Video-based “people counting” uses cameras coupled with video analysis to provide highly accurate and reliable data for statistical analysis and alerting. A people counting capability can be part of a solution to determine how many people enter a building or room during a specified time interval. Applications that determine how many people are inside an area can also be developed from the number of people entering less the number of people leaving, starting with a known estimate of occupancy. Many applications of video analysis based on people counting must be able to uniquely identify each person in the field of view (also referred to as tagging) to prevent over counting.
A people counting application determines the density of people in an area, which is often expressed as a “fill percentage.” Counting the number of people crossing a “threshold location” that marks an entrance or exit and estimating density for a defined space requires the ability to tag individuals and track their movement in the field of view.

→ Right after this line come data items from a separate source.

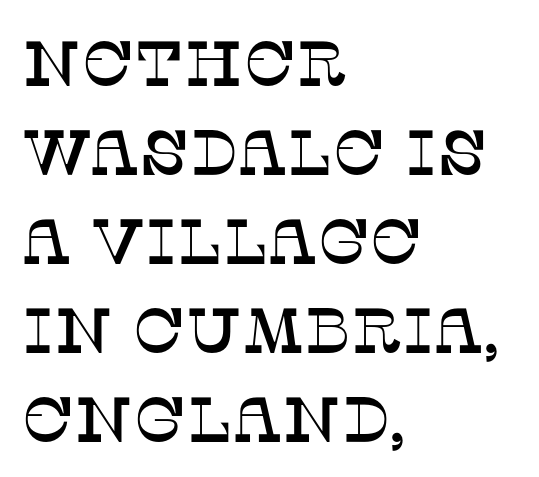
You can tell from the footed stems that serif type was used. Words appear dense and cohesive because spacing is normal. Horizontally, the lines are justified to the leading edge only. A typesetter would call this proportional, since set widths differ per character. Does the lettering tilt? It doesn't — this is upright. Underlining? Definitely not there.
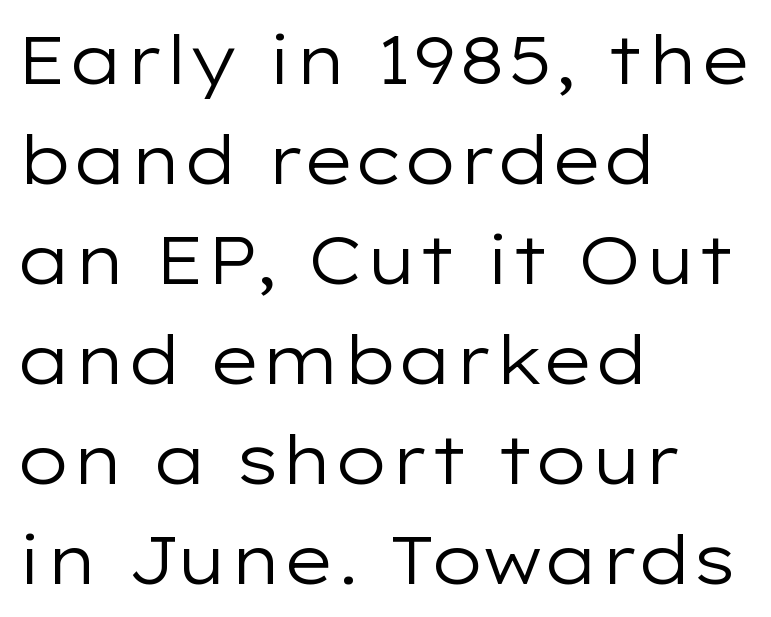
{"serif": "no", "italic": "no", "bold": "no", "weight": "regular", "width": "wide", "stroke_contrast": "low", "x_height": "medium", "monospaced": "no", "underline": "no", "align": "left", "line_spacing": "normal", "line_spacing_ratio": 1.47, "letter_spacing": "normal", "letter_spacing_em": 0.0, "glyph_px": 68}
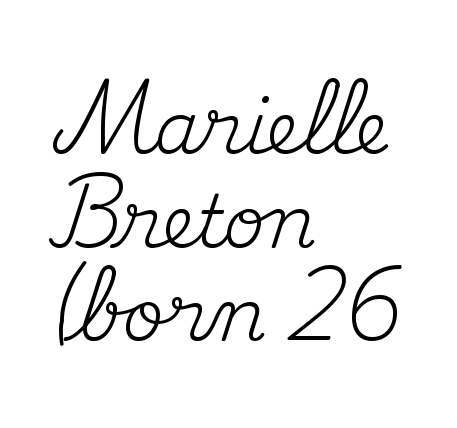
{"serif": "yes", "bold": "no", "weight": "regular", "width": "normal", "stroke_contrast": "medium", "x_height": "small", "monospaced": "no", "underline": "no", "align": "left", "line_spacing": "normal", "line_spacing_ratio": 1.3, "letter_spacing": "normal", "letter_spacing_em": 0.0, "glyph_px": 72}
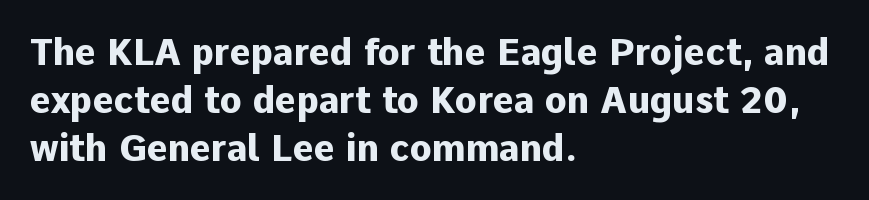
The image shows 36 px heavy sans-serif type, upright; set left-aligned, normal line spacing (1.33x), normal letter spacing, not underlined; low stroke contrast and a medium x-height.
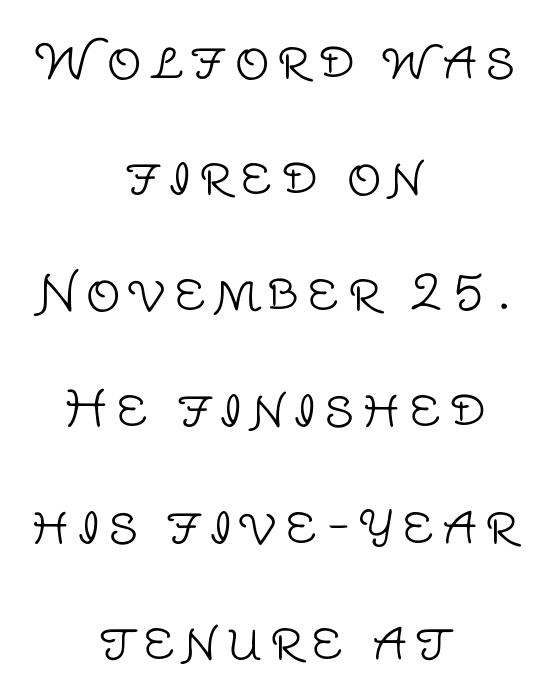
The image shows 49 px light sans-serif type; set centered, loose line spacing (2.37x), not underlined; low stroke contrast and a large x-height.

Tagging is not the same as recognition. People counting does not require that the software determines personal identity, only that it can identify unique person 1 from unique person 2, and so on.

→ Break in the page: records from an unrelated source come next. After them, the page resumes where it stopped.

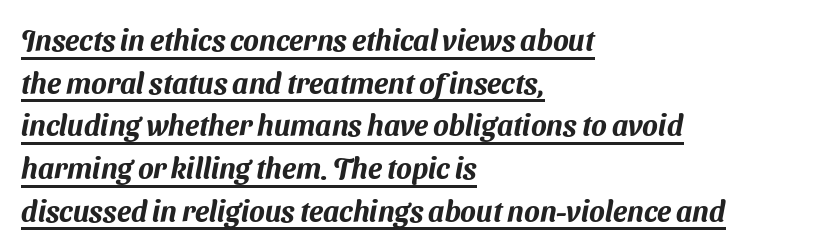
Q: Is the typeface a serif or a sans-serif typeface? A: Sans-serif.
Q: Is the text underlined? A: Yes.
Q: How is the paragraph aligned? A: Left-aligned.
Q: Is the spacing between letters normal or unusually wide? A: Normal.
Q: Is the spacing between lines tight, normal or loose? A: Normal.
Q: Width (condensed, normal, or wide)? A: Normal.
Q: Stroke contrast? A: Medium.
Q: x-height? A: Medium.
Q: Monospaced? A: No.
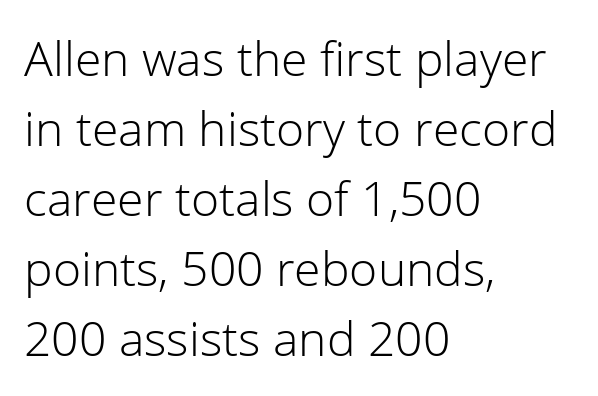
Evenly set lines give the paragraph a standard silhouette. The designer went with a sans here, leaving each stem footless. The zone under the glyphs is completely vacant. You could not count columns in this text — the font is proportionally spaced. Compared with typical body copy, the letter spacing here is the same. The type sits square on the baseline with zero lean.
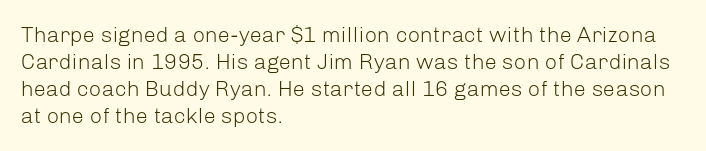
Beneath every word, the page is bare. The lettering holds an erect, upright posture throughout. Caption: face not bold, strokes unweighted. The gaps between neighbouring characters are ordinary and unremarkable.
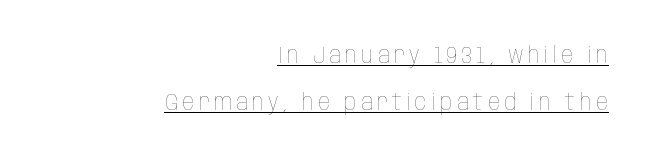
Q: Is the text bold? A: No.
Q: Is the text italic (slanted)? A: No, it is upright.
Q: Is the text underlined? A: Yes.
Q: How is the paragraph aligned? A: Right-aligned.
Q: Is the spacing between lines tight, normal or loose? A: Loose.

Another application that uses unique person tagging and people counting is “dwell time.” Dwell time is defined as the amount of time a person spends in a designated area of interest that has camera image coverage. Using a combination of entry counting, unique tagging, and exit counting, a software algorithm can be developed to collect statistics related to maximum, minimum, and average dwell time along with other descriptive statistics such as standard deviations.
The placement of cameras is the most critical aspect of the physical configuration. Applications that track movement through changes in position for a tagged object typically require more than one camera with different fields of view. Video analysis software can then use the positioning information from two perspectives with the unique tag to calculate a time series of positions that represent the path between two or more points in time.
The technology for detecting the presence of people in a video frame is based on the same deep learning methods for object detection that are used for categorizing images of cats compared with dogs. “Facial analysis” is another branch of video analysis that is related to images of people. Training deep learning models for facial analysis is based on supervised learning techniques that require datasets labeled with the characteristics that the model must infer from new unlabeled observations. Facial analysis predicts individual data using statistical inference from the image itself and can be performed on images without any other known personally identifiable labels. Models that can infer age and gender are among the most widely available facial analysis modeling applications. The accuracy of predictions for age is based on many factors including how the age variable is collected and used. Most studies use age ranges as an input feature, which limits inference to the same level of inference. For example, age for a model might be collected as one of three categories: under 30, 30 to 50 or over 50. Inference is also limited to predicting the most likely category from these three options. It is not possible to answer the question “How many people aged 18 through 25 were detected today?”.
Most facial analysis from video for “gender classification” is based on male or female. The reported recall for inference on this demographic variable has a strong ratio of true positives to false positives for many studies cited in the research community. Many organizations have experienced high rates of none response when collecting optional gender demographics through surveys and attempts to infer gender from other interactions have been unreliable. The high rate of successful categorization of male and female demography based on video analysis is a valuable potential tool if not complicated by privacy concerns and disclosure issues.